The Studying of Random Cauchy Convection Diffusion Models under Mean Square and Mean Fourth CalculusSohalya MA*, Yassena MT and Elbaza IM
Faculty of Science, Department of Mathematics, Mansoura University, Egypt
- *Corresponding Author:
- Sohalya MA
Faculty of Science, Department of Mathematics
Mansoura University, Egypt
Tel: +20 50 2383781
E-mail: [email protected]; [email protected]; [email protected]
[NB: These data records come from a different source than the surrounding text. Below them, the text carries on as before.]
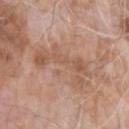Context:
A male subject approximately 75 years of age. Imaged with white-light lighting. Approximately 6.5 mm at its widest. Cropped from a total-body skin-imaging series; the visible field is about 15 mm. Automated tile analysis of the lesion measured a lesion–skin lightness drop of about 8 and a normalized lesion–skin contrast near 5.5. It also reported a classifier nevus-likeness of about 0/100 and a detector confidence of about 95 out of 100 that the crop contains a lesion. Located on the left forearm.
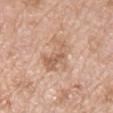patient = male, about 65 years old
diameter = about 5 mm
image = ~15 mm crop, total-body skin-cancer survey
body site = the front of the torso
tile lighting = white-light illumination
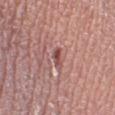  biopsy_status: not biopsied; imaged during a skin examination
  lesion_size:
    long_diameter_mm_approx: 2.5
  image:
    source: total-body photography crop
    field_of_view_mm: 15
  patient:
    sex: female
    age_approx: 40
  site: right lower leg
  lighting: white-light
  automated_metrics:
    area_mm2_approx: 2.5
    shape_asymmetry: 0.3
    border_irregularity_0_10: 3.0
    peripheral_color_asymmetry: 0.0
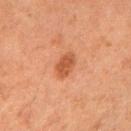{
  "biopsy_status": "not biopsied; imaged during a skin examination",
  "patient": {
    "sex": "female",
    "age_approx": 60
  },
  "automated_metrics": {
    "eccentricity": 0.6,
    "shape_asymmetry": 0.2,
    "cielab_L": 44,
    "cielab_a": 24,
    "cielab_b": 33,
    "vs_skin_darker_L": 9.0,
    "vs_skin_contrast_norm": 7.5
  },
  "lesion_size": {
    "long_diameter_mm_approx": 3.0
  },
  "image": {
    "source": "total-body photography crop",
    "field_of_view_mm": 15
  },
  "site": "right forearm",
  "lighting": "cross-polarized"
}
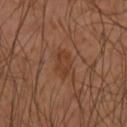notes = imaged on a skin check; not biopsied | image = 15 mm crop, total-body photography | location = the right forearm | lesion diameter = about 3.5 mm.
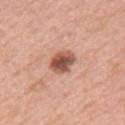Clinical impression:
Recorded during total-body skin imaging; not selected for excision or biopsy.
Image and clinical context:
The lesion is on the chest. Approximately 3 mm at its widest. A male subject aged approximately 60. Captured under white-light illumination. A 15 mm close-up tile from a total-body photography series done for melanoma screening.
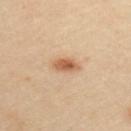Assessment:
Recorded during total-body skin imaging; not selected for excision or biopsy.
Acquisition and patient details:
The recorded lesion diameter is about 3 mm. A male patient, about 35 years old. Cropped from a total-body skin-imaging series; the visible field is about 15 mm. The lesion is located on the upper back. Captured under cross-polarized illumination.
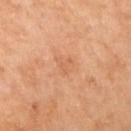{
  "biopsy_status": "not biopsied; imaged during a skin examination",
  "site": "right upper arm",
  "image": {
    "source": "total-body photography crop",
    "field_of_view_mm": 15
  },
  "patient": {
    "sex": "female",
    "age_approx": 65
  }
}

Received date: February 12, 2016; Accepted date: March 15, 2017; Published date: March 30, 2017
Citation: Sohalya MA, Yassena MT, Elbaza IM (2017) The Studying of Random Cauchy Convection Diffusion Models under Mean Square and Mean Fourth Calculus. J Appl Computat Math 6:343. doi: 10.4172/2168-9679.1000343
Copyright: © 2017 Sohalya MA, et al. This is an open-access article distributed under the terms of the Creative Commons Attribution License, which permits unrestricted use, distribution, and reproduction in any medium, provided the original author and source are credited.
The random partial differential equations have a wide range of physical, chemical, and biological applications. The finite difference method offers an attractively simple approximations for these equations. In this paper, the finite difference technique is performed in order to find an approximation solutions for the linear one dimensional convection-diffusion equation with random variable coefficient. We study the consistency and stability of the finite difference scheme under mean square sense. A statistical measure such as mean for the numerical approximation, and the exact solution based on different statistical distributions is computed.